**What is being asked**
Copy out exactly, from the entries that follow, the line holding "WHO grade: 2", the line holding "Answer: no objects moved", and all lines between them, but no pictures.

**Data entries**
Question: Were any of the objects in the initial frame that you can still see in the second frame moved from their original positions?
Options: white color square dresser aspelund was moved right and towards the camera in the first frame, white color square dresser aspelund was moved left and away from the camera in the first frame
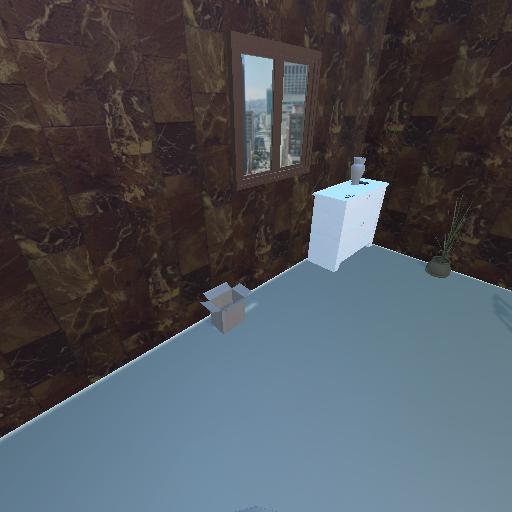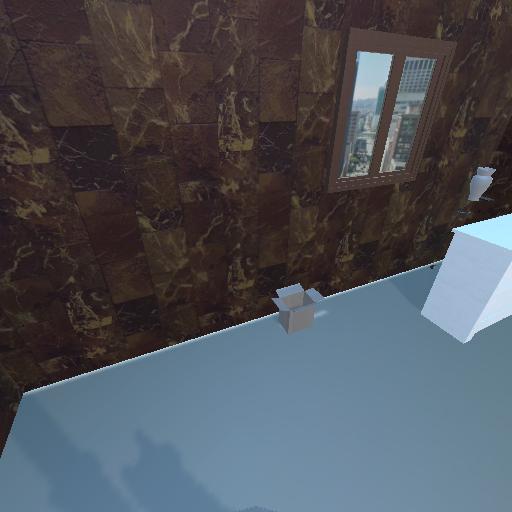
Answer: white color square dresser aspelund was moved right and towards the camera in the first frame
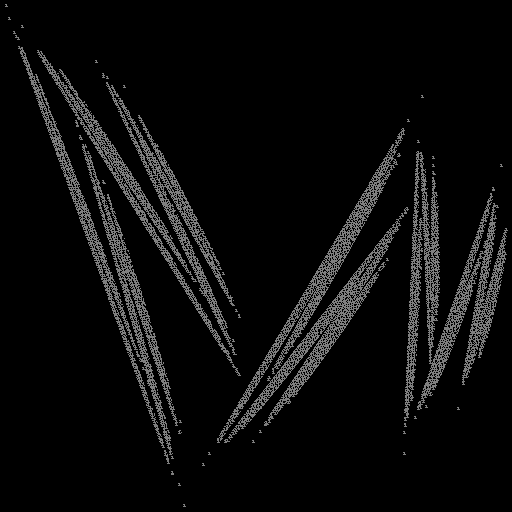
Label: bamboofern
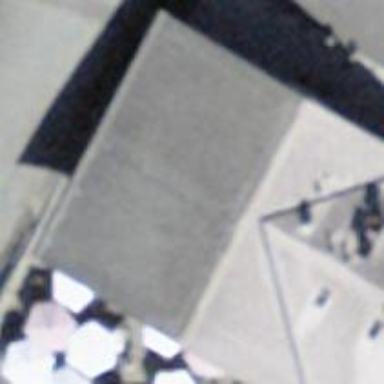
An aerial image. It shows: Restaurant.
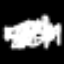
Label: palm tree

...

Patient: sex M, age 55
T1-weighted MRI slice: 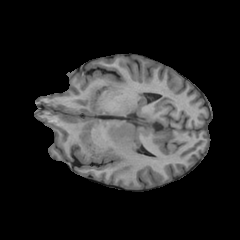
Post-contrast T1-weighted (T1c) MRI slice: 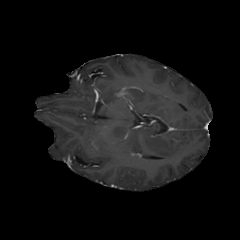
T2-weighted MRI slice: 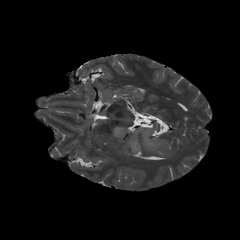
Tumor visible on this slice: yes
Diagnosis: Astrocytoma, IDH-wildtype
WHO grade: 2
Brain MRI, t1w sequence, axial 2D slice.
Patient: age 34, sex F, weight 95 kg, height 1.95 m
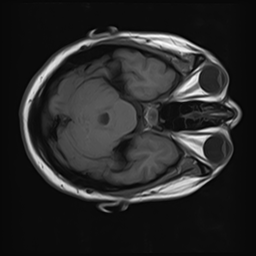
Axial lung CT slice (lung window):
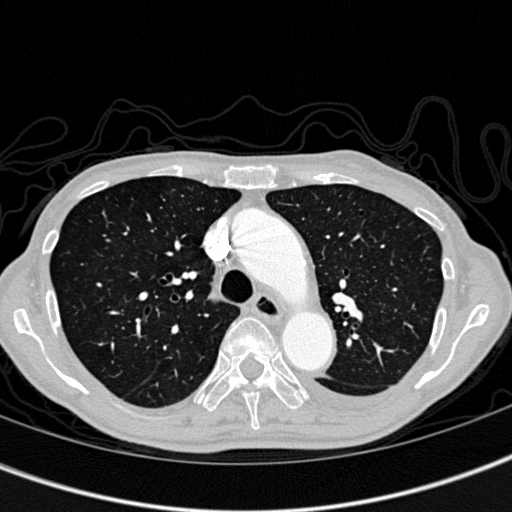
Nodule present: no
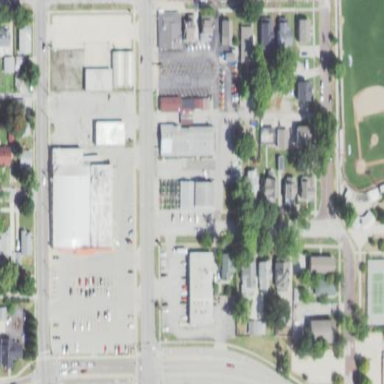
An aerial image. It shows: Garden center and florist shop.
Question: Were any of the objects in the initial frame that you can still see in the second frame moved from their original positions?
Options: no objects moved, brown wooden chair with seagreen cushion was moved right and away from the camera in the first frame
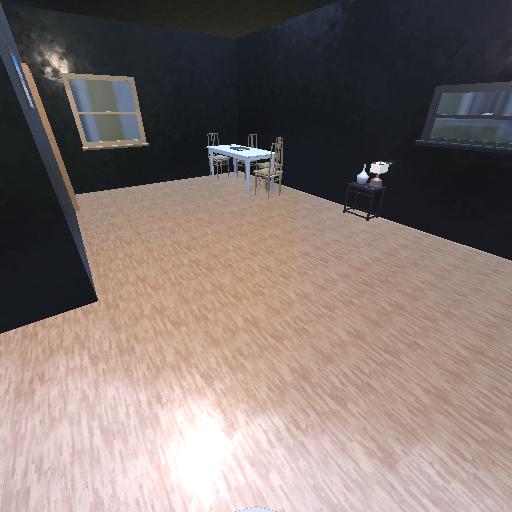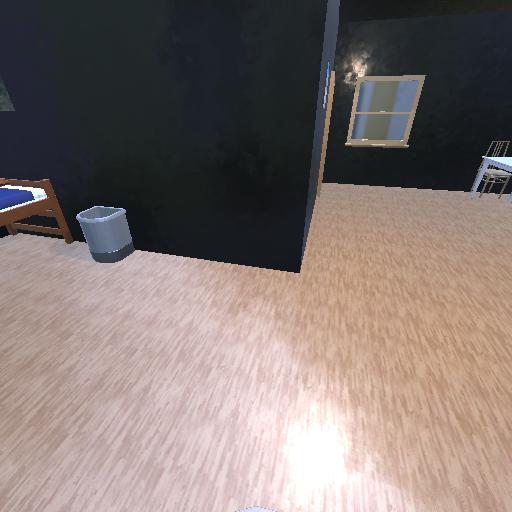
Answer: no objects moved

**Response below**
WHO grade: 2
Brain MRI, t1w sequence, axial 2D slice.
Patient: age 34, sex F, weight 95 kg, height 1.95 m
Axial lung CT slice (lung window):
Nodule present: no
An aerial image. It shows: Garden center and florist shop.
Question: Were any of the objects in the initial frame that you can still see in the second frame moved from their original positions?
Options: no objects moved, brown wooden chair with seagreen cushion was moved right and away from the camera in the first frame
Answer: no objects moved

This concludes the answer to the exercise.